FREEDOM INVESTORS CORPORATION, PLAINTIFF,
v.
KAHAL SHOMREI HADATH AND SYDNEY V. PINTER, DEFENDANTS.



The opinion of the court was delivered by: Denise Cote, District Judge:

OPINION AND ORDER

Freedom Investors Corp. ("Freedom") has filed this petition for confirmation of an arbitration award pursuant to § 9 of the Federal Arbitration Act, 9 U.S.C. § 9. The award was entered in favor of Freedom and against Kahal Shomrei Hadath ("Kahal") and Sydney V. Pinter ("Pinter") on March 22, 2011. For the following reasons, the petition is granted.

BACKGROUND

Freedom is a securities broker-dealer and a member firm of the Financial Industry Regulatory Authority ("FINRA"). Kahal is a not-for-profit religious entity controlled by Pinter.

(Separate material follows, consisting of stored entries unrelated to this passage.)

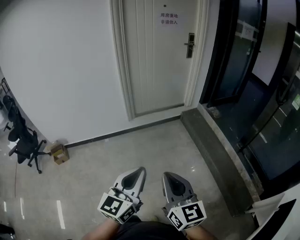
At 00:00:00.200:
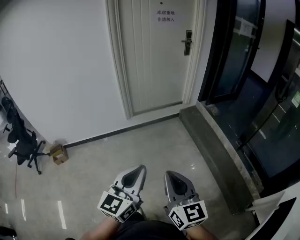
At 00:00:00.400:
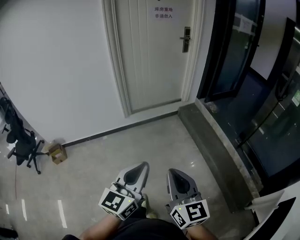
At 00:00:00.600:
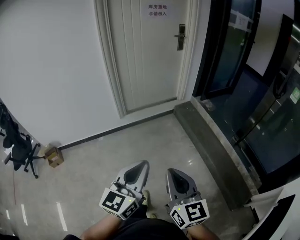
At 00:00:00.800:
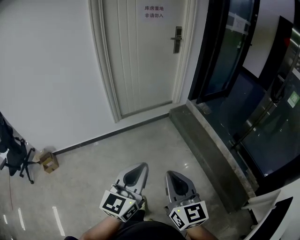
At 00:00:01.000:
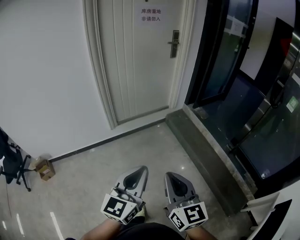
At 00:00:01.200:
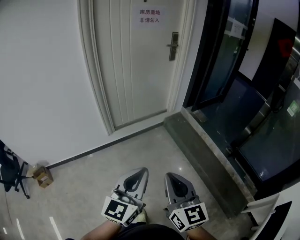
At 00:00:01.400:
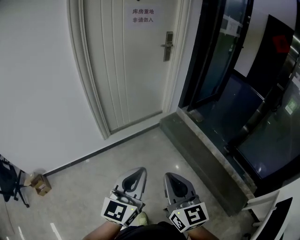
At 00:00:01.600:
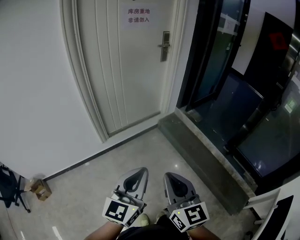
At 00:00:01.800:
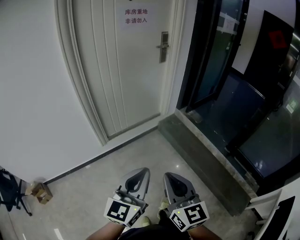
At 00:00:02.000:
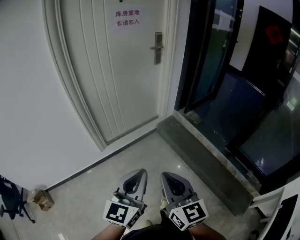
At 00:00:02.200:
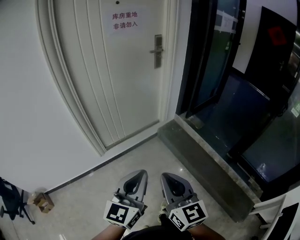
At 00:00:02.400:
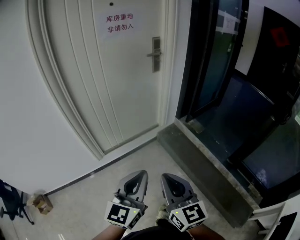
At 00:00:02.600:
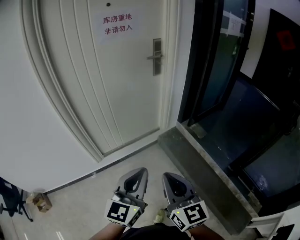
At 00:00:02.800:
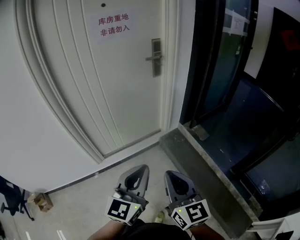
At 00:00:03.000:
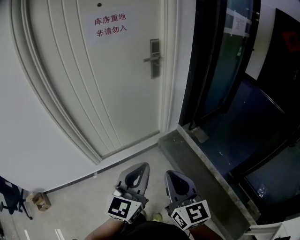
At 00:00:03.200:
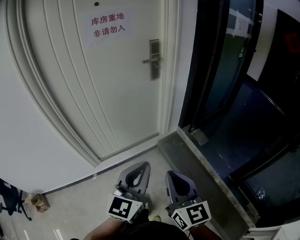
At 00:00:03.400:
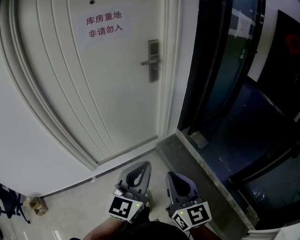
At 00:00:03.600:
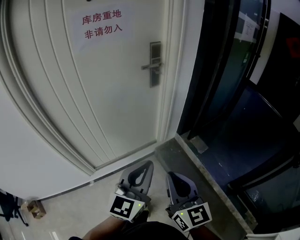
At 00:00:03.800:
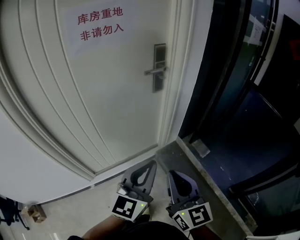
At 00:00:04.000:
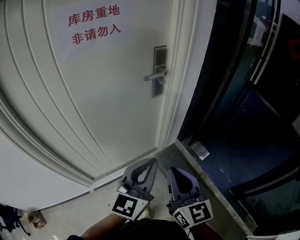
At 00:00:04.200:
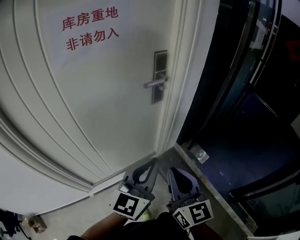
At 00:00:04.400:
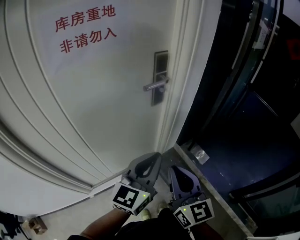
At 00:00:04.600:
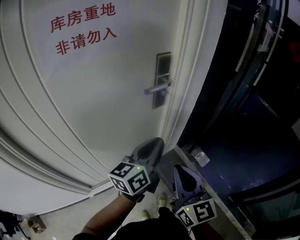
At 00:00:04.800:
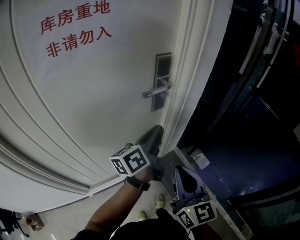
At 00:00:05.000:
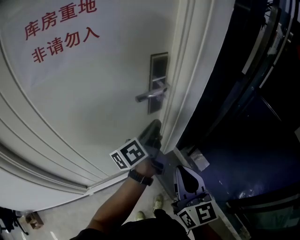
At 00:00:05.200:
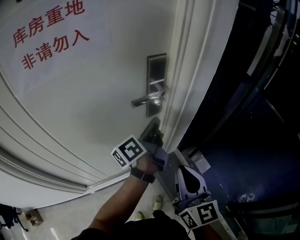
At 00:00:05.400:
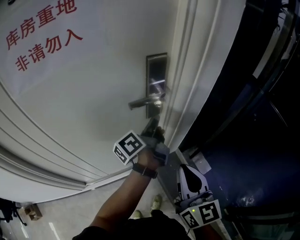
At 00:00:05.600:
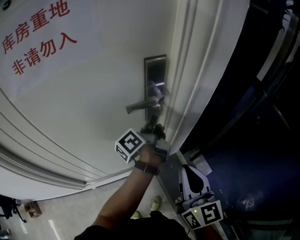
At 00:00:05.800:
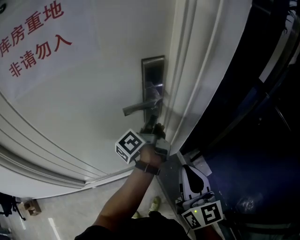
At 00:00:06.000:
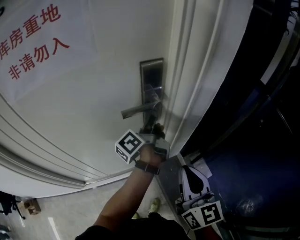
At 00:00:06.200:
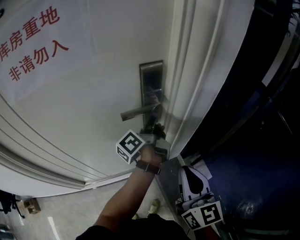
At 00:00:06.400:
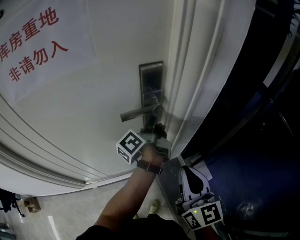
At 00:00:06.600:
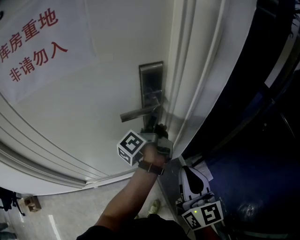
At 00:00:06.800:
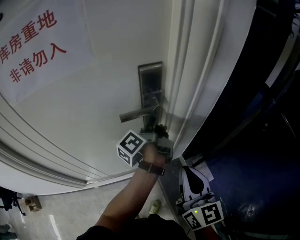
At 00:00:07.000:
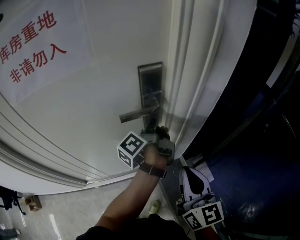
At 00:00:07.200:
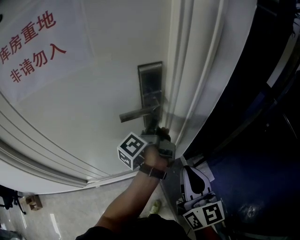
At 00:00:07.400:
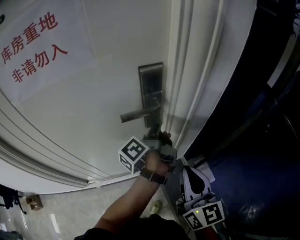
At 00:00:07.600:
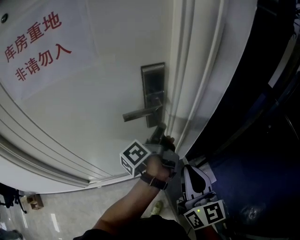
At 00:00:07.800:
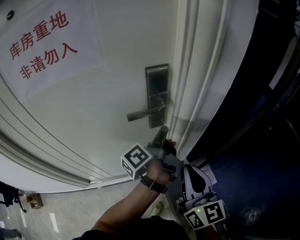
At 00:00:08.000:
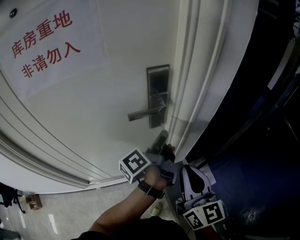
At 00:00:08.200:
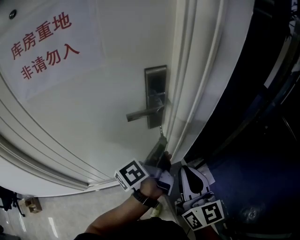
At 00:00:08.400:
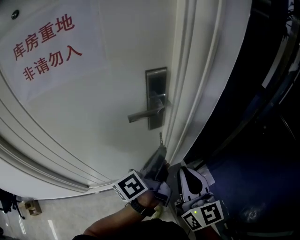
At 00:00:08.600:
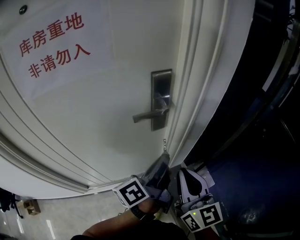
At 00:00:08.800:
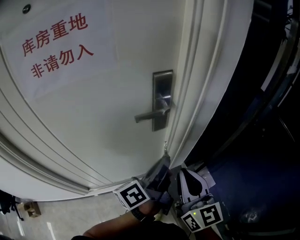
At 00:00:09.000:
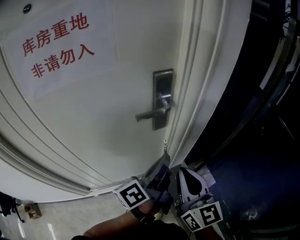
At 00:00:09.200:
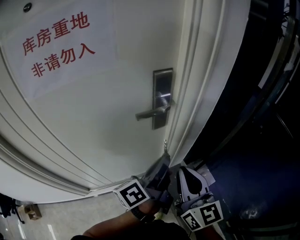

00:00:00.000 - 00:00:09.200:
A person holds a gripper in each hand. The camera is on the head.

According to Freedom, Kahal opened a brokerage account ("the Kahal account"), directed and controlled by Pinter, with Leonard Dunn ("Dunn") of EZ Stock, Inc., in December 2003. Dunn subsequently joined Freedom, transferring his client accounts including the Kahal account. Southwest Securities, Inc. ("Southwest"), was Freedom's clearing firm, and Freedom extended margin credit from Southwest to the Kahal account.

In July 2008, Kahal and Pinter used margin credit to purchase 4,000 shares of preferred stock in Washington Mutual ("WaMu"). On September 29, 2008, however, the price of WaMu preferred stock plunged to one dollar per share, prompting a margin call by Southwest. When Kahal and Pinter failed to deposit additional funds in the Kahal account, Southwest liquidated the account's remaining holdings. Pursuant to its clearing agreement with Southwest, Freedom paid the remaining margin debt of $149,222.85. Freedom then sought recovery of this amount from Kahal and Pinter.

The parties submitted the dispute to FINRA Dispute Resolution ("FINRA DR") arbitration.*fn1 In accordance with FINRA rules, Freedom, Kahal, and Pinter each signed a "Submission Agreement" agreeing to be bound by the outcome of the arbitration. The FINRA arbitration proceeded with an in-person hearing on March 2, 2011. All parties attended.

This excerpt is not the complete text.